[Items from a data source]
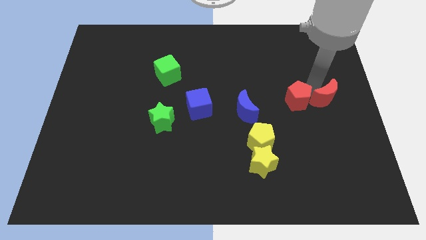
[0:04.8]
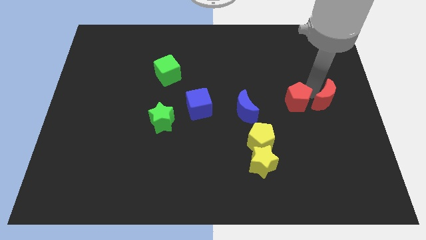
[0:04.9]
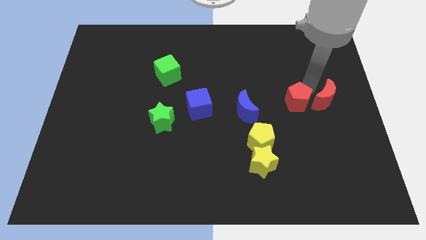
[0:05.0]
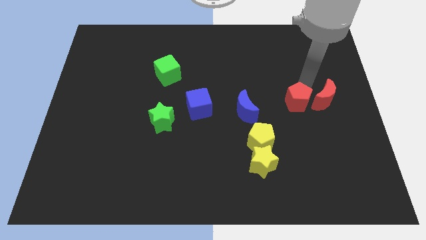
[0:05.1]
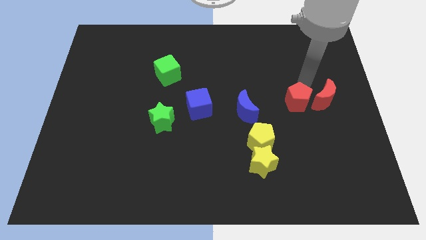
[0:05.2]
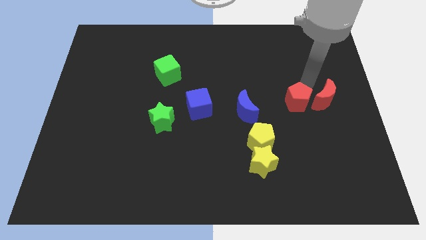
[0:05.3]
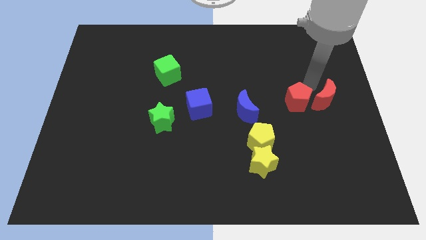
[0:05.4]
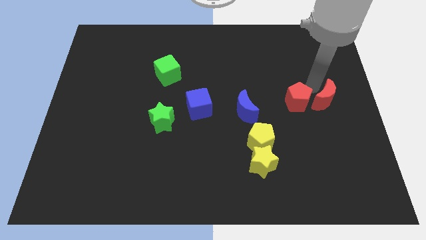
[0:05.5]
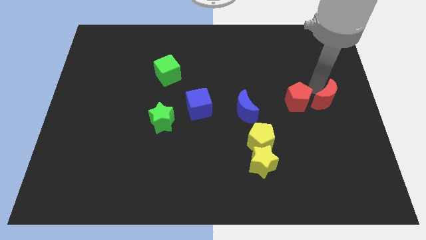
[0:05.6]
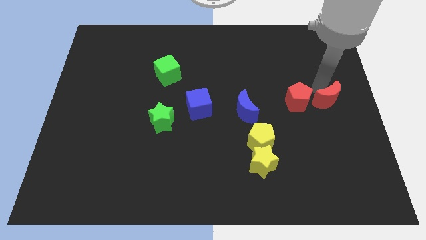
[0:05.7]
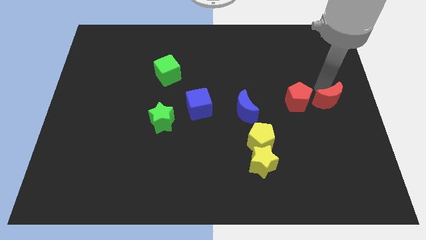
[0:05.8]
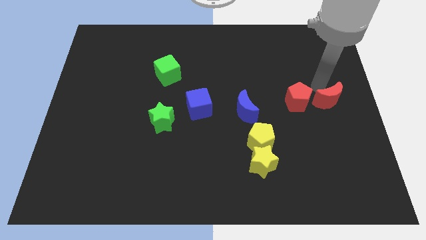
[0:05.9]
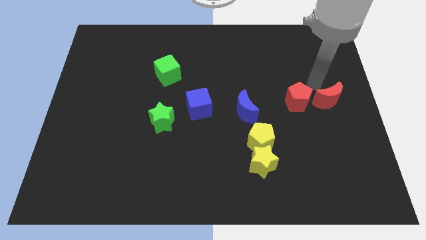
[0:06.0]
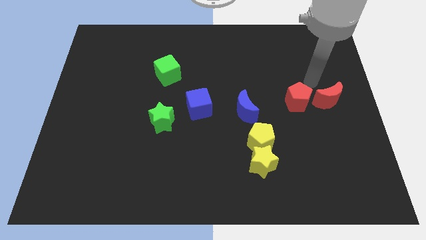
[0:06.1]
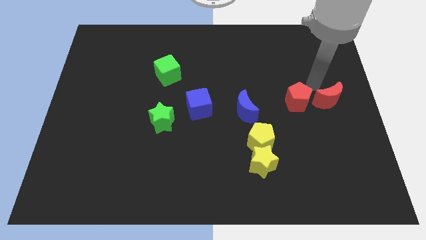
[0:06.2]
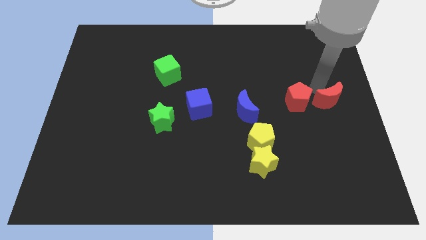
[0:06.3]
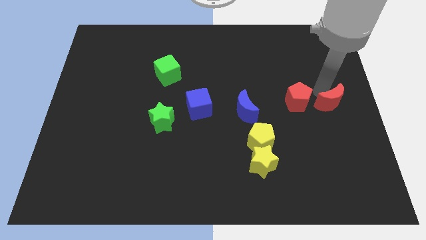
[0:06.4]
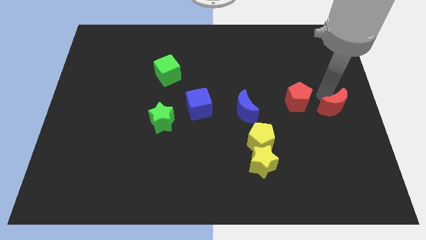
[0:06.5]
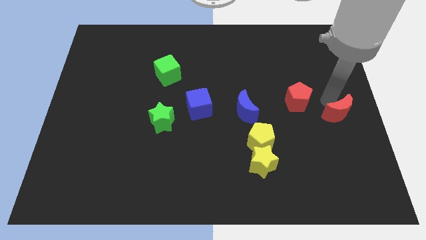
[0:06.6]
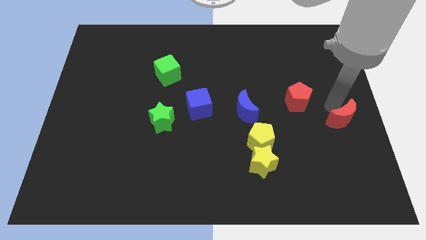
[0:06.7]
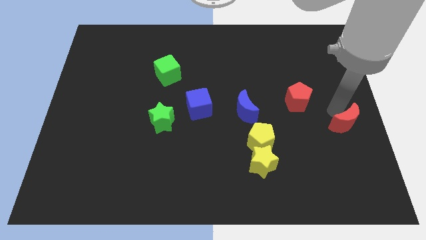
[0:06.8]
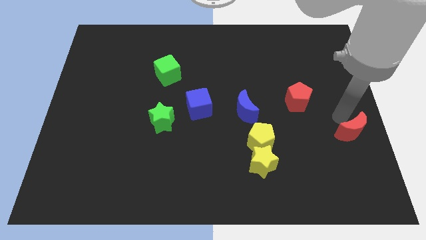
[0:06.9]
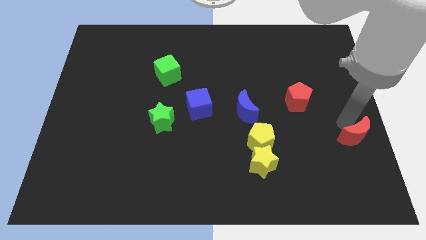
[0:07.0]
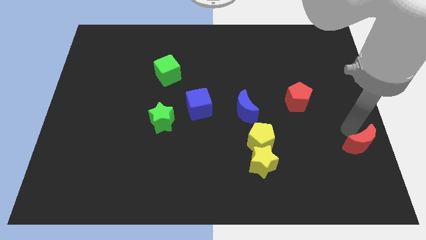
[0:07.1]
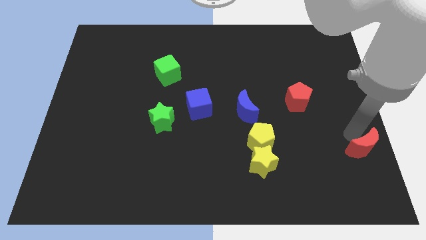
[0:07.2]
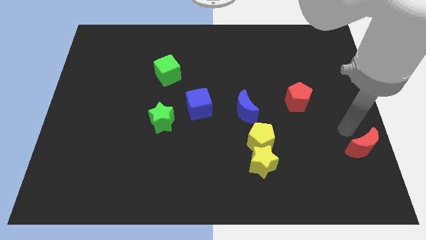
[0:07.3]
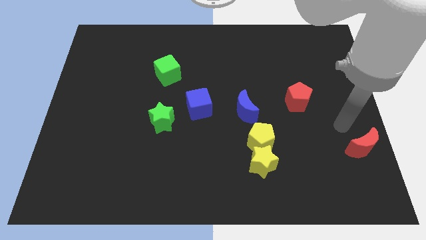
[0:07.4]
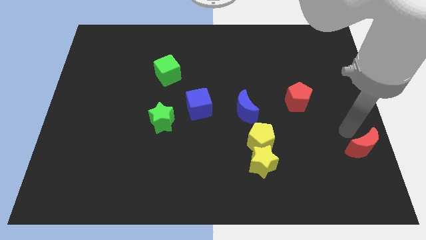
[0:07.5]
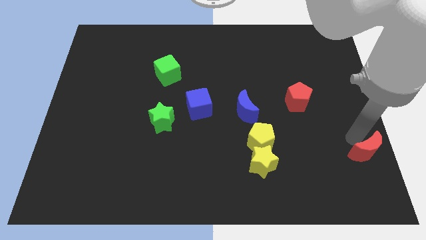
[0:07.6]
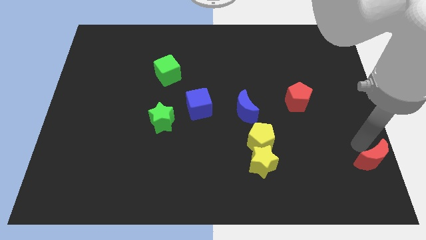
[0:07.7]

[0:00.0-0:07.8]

WHAT THE TASK REQUIRES:
Repeat the records in full, precisely, and keep the pictures out.

ANSWER BOX:
[0:04.8]
[0:04.9]
[0:05.0]
[0:05.1]
[0:05.2]
[0:05.3]
[0:05.4]
[0:05.5]
[0:05.6]
[0:05.7]
[0:05.8]
[0:05.9]
[0:06.0]
[0:06.1]
[0:06.2]
[0:06.3]
[0:06.4]
[0:06.5]
[0:06.6]
[0:06.7]
[0:06.8]
[0:06.9]
[0:07.0]
[0:07.1]
[0:07.2]
[0:07.3]
[0:07.4]
[0:07.5]
[0:07.6]
[0:07.7]

[0:00.0-0:07.8]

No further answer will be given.